I was in John Lewis one morning, for 9AM opening. Saw the girl go round turning all the TVs on and setting them to HDMI-1. Apart from one where she didn't seem to get that going to "AV1" (SCART) is no good - the HDMI cable is plugged into HDMI-1. So instead she set it to use it's built in Freeview tuner. There's all these TVs watching BBC-HD preview over HDMI-1 and then this one watching BBC News 24 on it's built in tuner. :( Can't remember what the model was but I remember noticing at the time that it was the best one there :(. Did it absolutely no justice at all.
 
When I worked for Comet I raised the issue of doing some basic calibration on the display TV's. It was rubbished but with good reason.

Your normal customer isn't going to be to clued up with regards to adjusting the various display settings. If they buy a TV and get home and the picture is noticeably worse than in the store they won't be too pleased and it would cause all manner of headaches for the store.

A more specialist store would probably have a differing approach but a big box store, it makes commercial sense not to.
 
Saw the girl

Source of the problem detected :D

I definately think that stores should be more helpful and knwoledgable when it comes to telephones, but I understand that a company can't be just helpful and make money (E.g. HDMI cables that cos £££).

Still, they should be helping customers out, showing them the different televisions that suit their budget and also explaining that the out of box settings are not how a picture is supposed to look. If more of these larger high street companies did this then people might care a little more. But then again that is a big might as plenty of people think they know best or don't give a damn.
 
It's amusing to me, do these people not care about the picture quality?

Always used to moan about this when I worked in Comet back in the day, poor quality splitters give a false "bad image".

Having said that, if you are really interested in a TV then I'm sure they will hook up a blu-ray player or whatever to it to really test the image quality.
 
Often the demo TV's are just slapped on without any adjustment. LCD's generally look a bit brighter/sharper in a shop lit by strip lighting.
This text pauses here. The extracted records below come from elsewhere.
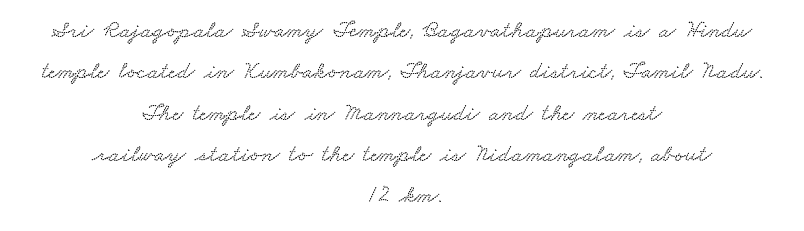
{"underline": "no", "align": "center", "line_spacing_ratio": 1.72, "letter_spacing": "normal", "letter_spacing_em": 0.0, "glyph_px": 24}
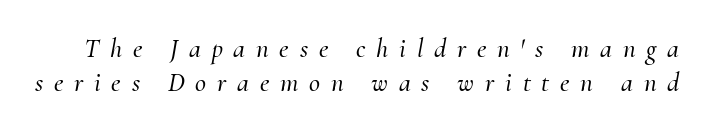
Line spacing here is normal. This is oblique type, the kind used for emphasis or titles. A bare baseline throughout the passage. Glyph-to-glyph distance is far greater than everyday printed text.
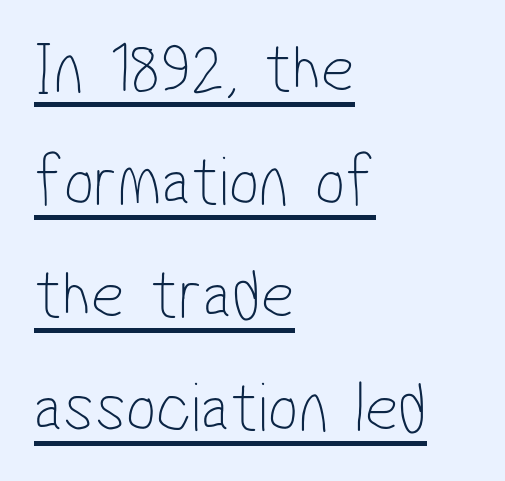
Q: Is the text bold? A: No.
Q: Is the typeface a serif or a sans-serif typeface? A: Sans-serif.
Q: Is the text underlined? A: Yes.
Q: How is the paragraph aligned? A: Left-aligned.
Q: Is the spacing between letters normal or unusually wide? A: Normal.
Q: Is the spacing between lines tight, normal or loose? A: Normal.
Q: Width (condensed, normal, or wide)? A: Condensed.
Q: Stroke contrast? A: Low.
Q: x-height? A: Medium.
Q: Monospaced? A: No.

But take the TV home and the plasma will often be a lot more "natural". There is such a thing as too sharp, too much contrast, and too bright. Plasma TV's have a balanced approach, which doesnt always work out best in tv store displays.

Interestingly Comet (gloucester branch) have the big Panasonic plasmas right at the back of the store, and have the lights dimmed, Im always stunned by the picture quality on the 60inch set they have on display. It helps that its on demo with a panasonic blu-ray player I guess :P.
 
When I worked for Comet I raised the issue of doing some basic calibration on the display TV's. It was rubbished but with good reason.

Your normal customer isn't going to be to clued up with regards to adjusting the various display settings. If they buy a TV and get home and the picture is noticeably worse than in the store they won't be too pleased and it would cause all manner of headaches for the store.

A more specialist store would probably have a differing approach but a big box store, it makes commercial sense not to.

That's perfectly understandable. Anyone with any interest in calibrating for the best picture will know this is the case anyway.

It's also why I always tell friends and family to buy based on expert reviews than what they see in the store.
 
And how do you know the picture is 'quality' if they are all set up as badly and ainaccurate as each other ;)
 
Good responses guys.

I can see the logic of Tesla's point - maybe plasmas just require more out-of-the-box tuning to get the best out of them or maybe, as Corasik says, the lighting in big stores isn't flattering for plasmas and suites LCDs/LED Backlit panels.

I must admit that I've only noticed this in the big-brand chain stores. If you go into a dedicated shop like a Sony centre of Panasonic shop, you do tend to get much better picture quality.